Em cima da mesa não havia jornais, apenas prospetos sobre a necessidade de se comerem produtos lácteos e de «como viver a sua seropositividade». A  mulher do casal falava com o seu companheiro, levantava-se, abraçava-o, acariciava-o. Ele permanecia calado, impávido, as mãos apoiadas num guarda-chuva. A rapariga loura fixava, de olhos baixos, quase fechados, o seu blusão de couro dobrado sobre os joelhos, parecia petrificada. Aos pés, um grande saco de viagem e outro pequeno de pôr às costas. Perguntei a mim própria se ela teria mais razões do que os outros para estar com medo. Talvez viesse saber do resultado antes de partir de fim de semana ou regressar a casa dos pais na província. A médica saiu do seu gabinete, uma mulher jovem, magra, petulante, com uma saia cor-de-rosa e meias pretas. Disse um número. Ninguém reagiu. Era alguém da sala ao lado, um rapaz jovem que passou rapidamente, só vi uns óculos e um rabo de cavalo.
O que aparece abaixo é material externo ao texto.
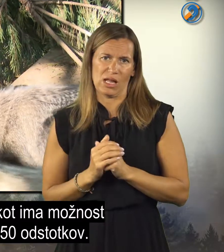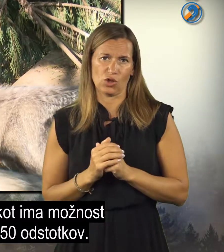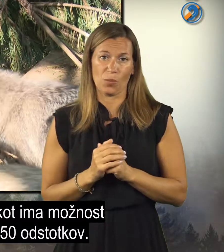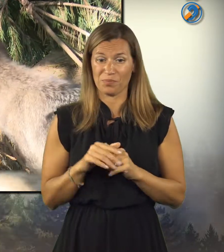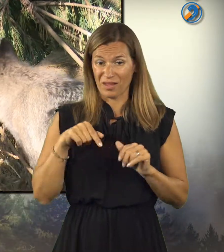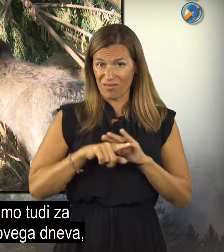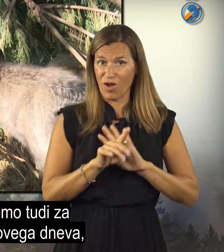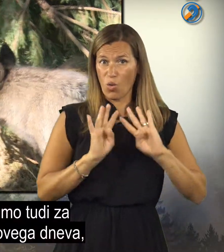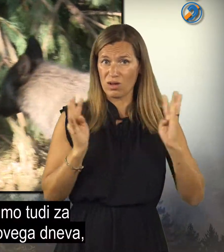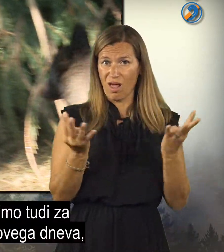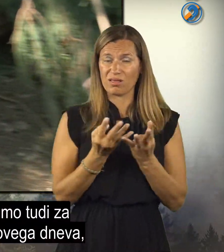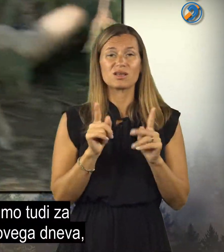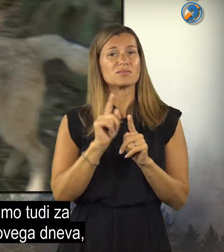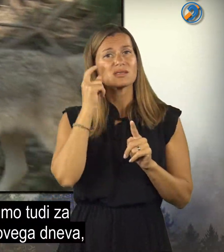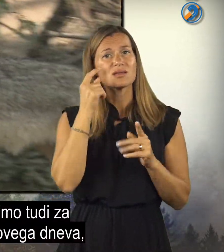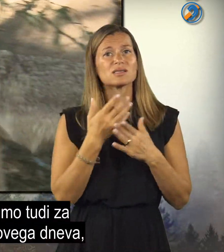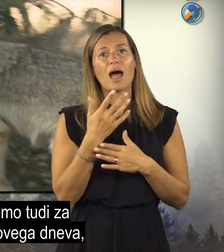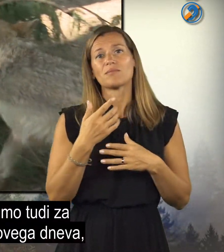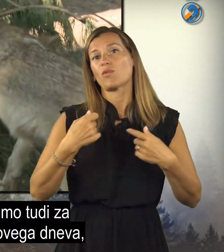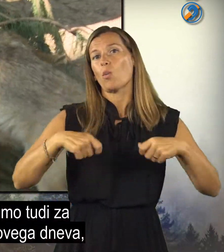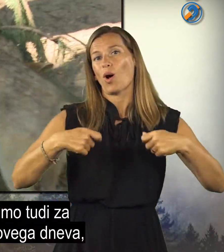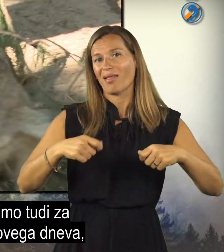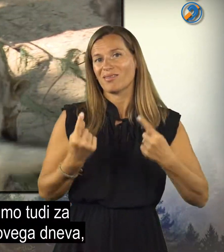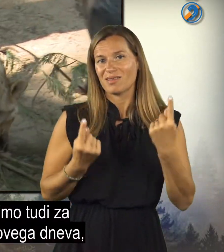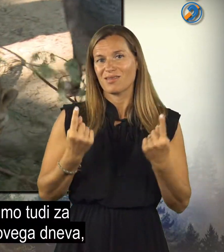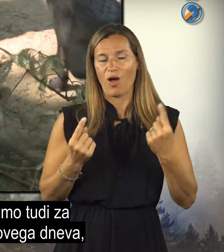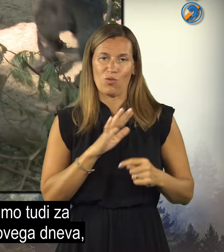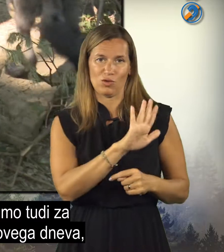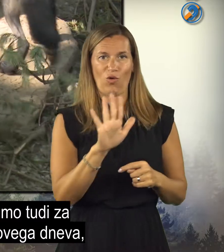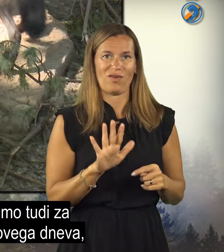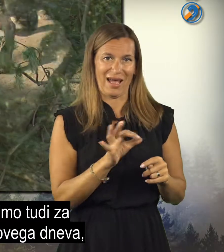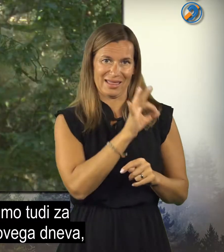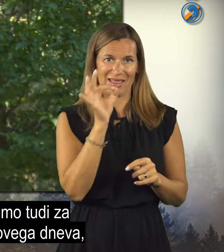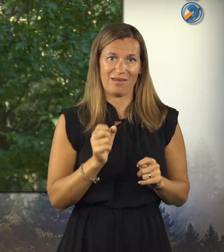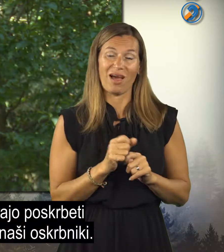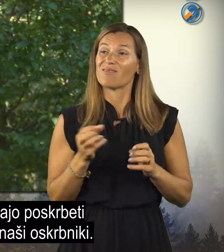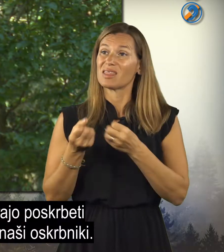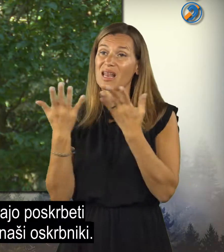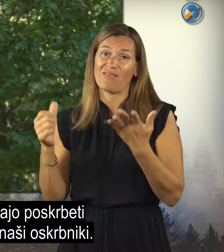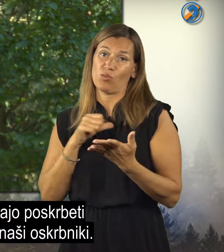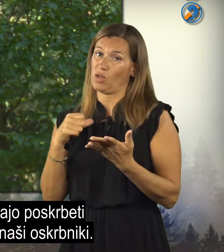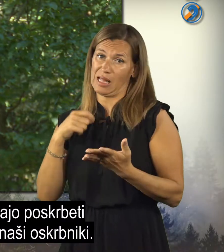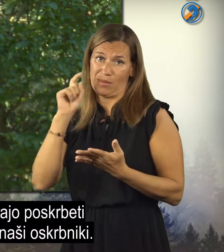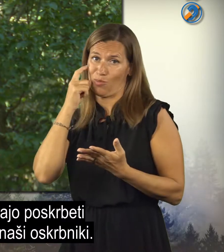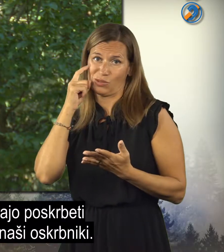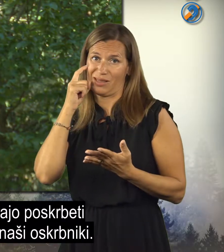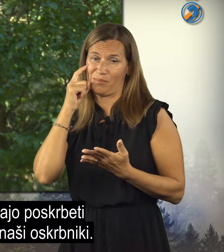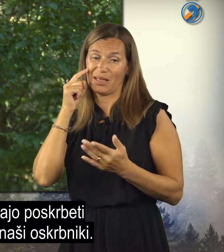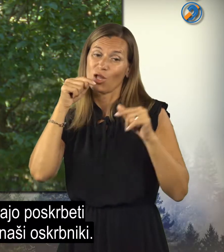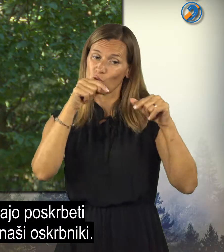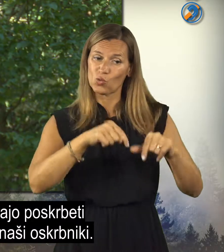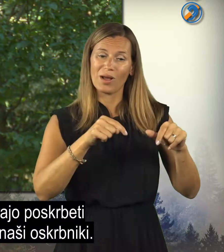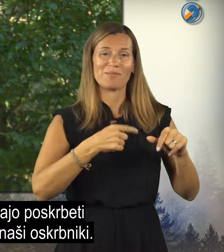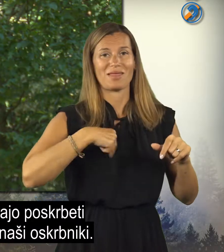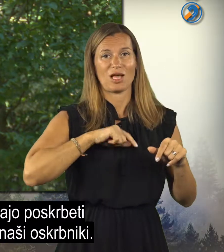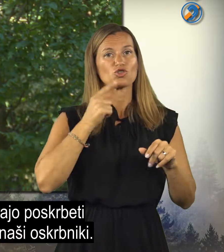procentov. V ogradi skrbimo tudi za popestritev njihovega dneva. Se naravi morajo za sebe sami poskrbeti,
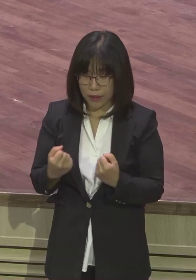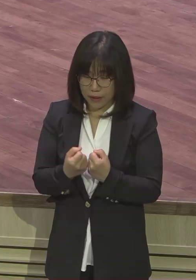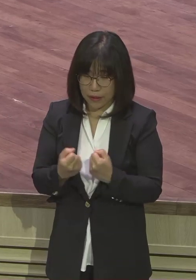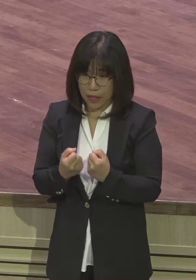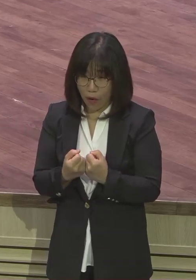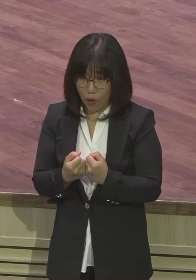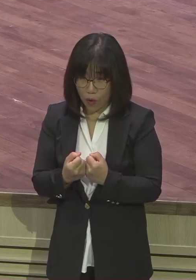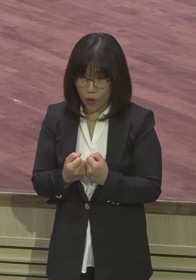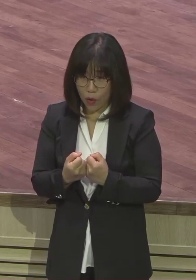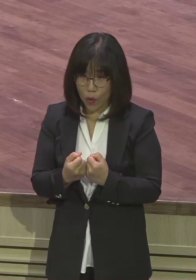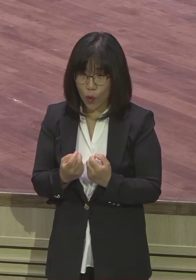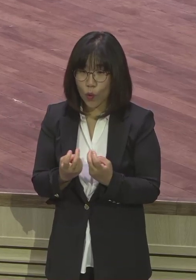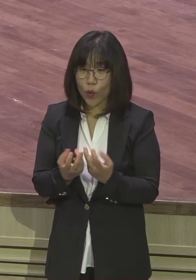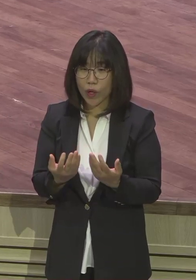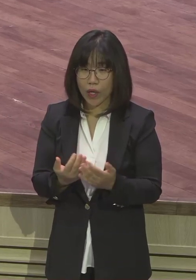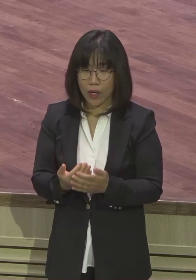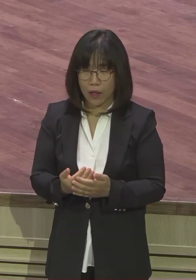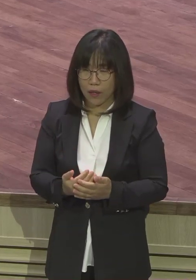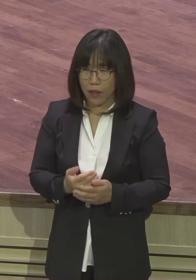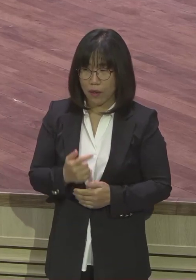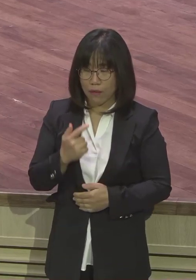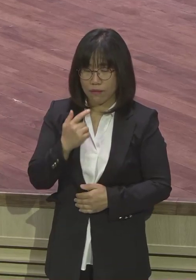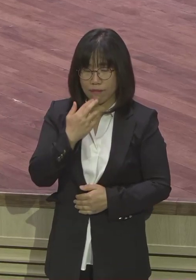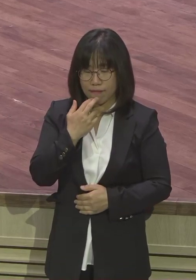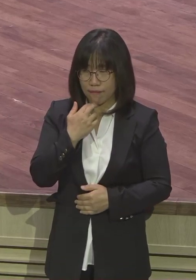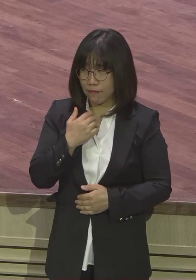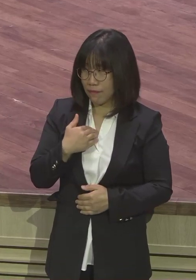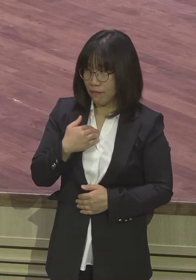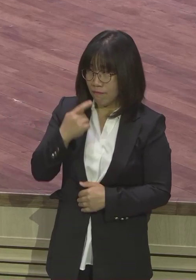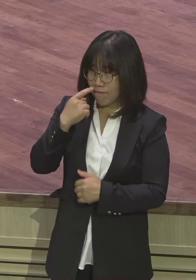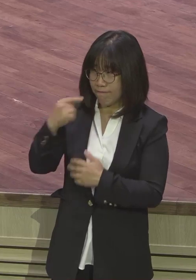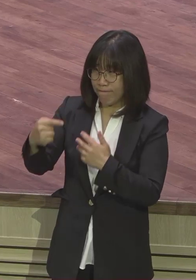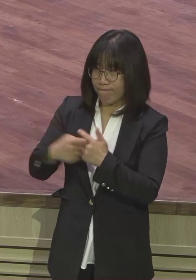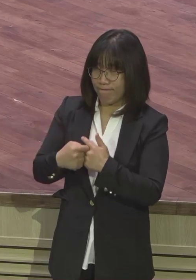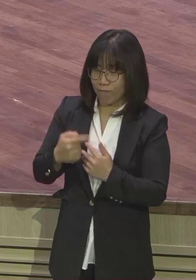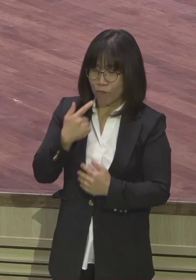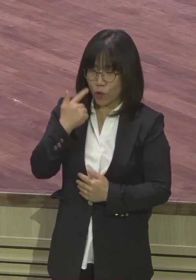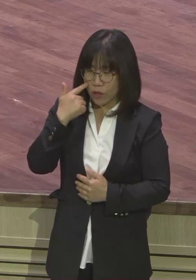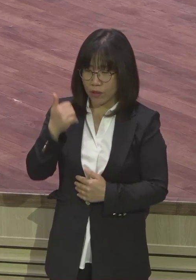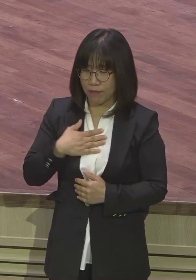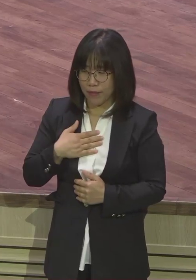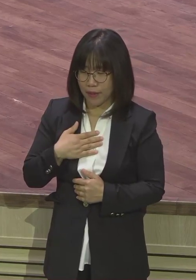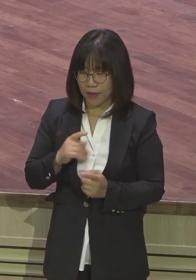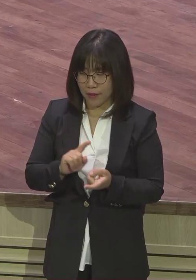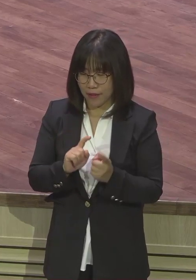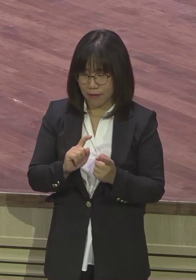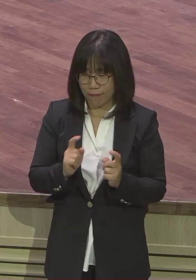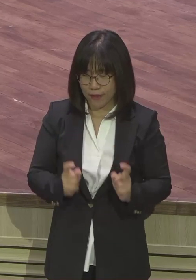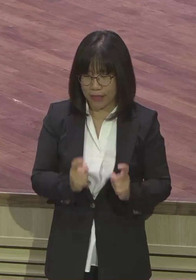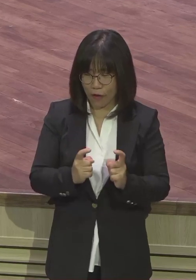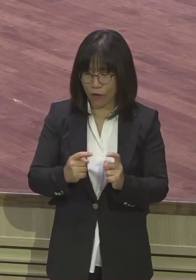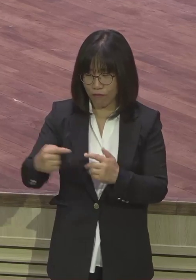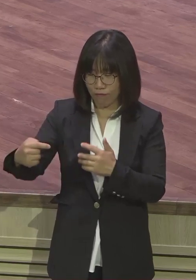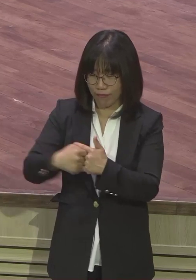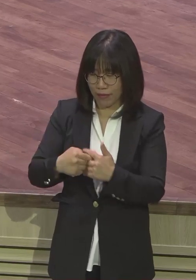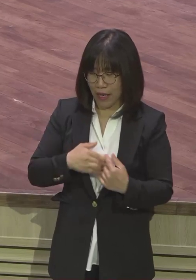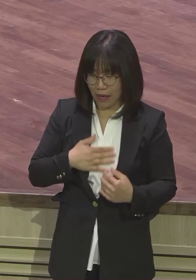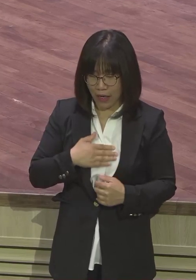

O jovem negro foi chamado, depois pessoas da outra sala. Ninguém falava nem se mexia, a não ser a mulher do casal. Apenas levantávamos todos os olhos quando a médica aparecia à porta do gabinete ou quando de lá saía alguém. Seguíamo-lo com o olhar. O telefone tocou várias vezes, marcações ou informações sobre horários. De uma das vezes, a mulher da receção foi chamar um patologista para poder responder à pessoa que ligara. Ele disse e voltou a repetir que «não, o valor é normal, completamente normal». A frase ecoava naquele silêncio. Do outro lado da linha estava com certeza alguém seropositivo.

Acabara de corrigir as minhas provas. Revia continuamente a mesma cena, delicada, de um sábado e domingo de julho, os movimentos do amor, a ejaculação. Era por causa dessa cena, esquecida durante meses, que me encontrava ali. O enlace e o gesticular dos corpos nus pareciam-me uma dança de morte. Senti que aquele homem, que num ato de fraqueza eu aceitara voltar a ver, tinha vindo de Itália apenas para me transmitir o vírus da sida. No entanto, não conseguia estabelecer uma relação entre aquilo —  os gestos, o calor da pele, do esperma — e o facto de estar ali. Pensava que nunca haveria qualquer tipo de relação entre o sexo e outra coisa.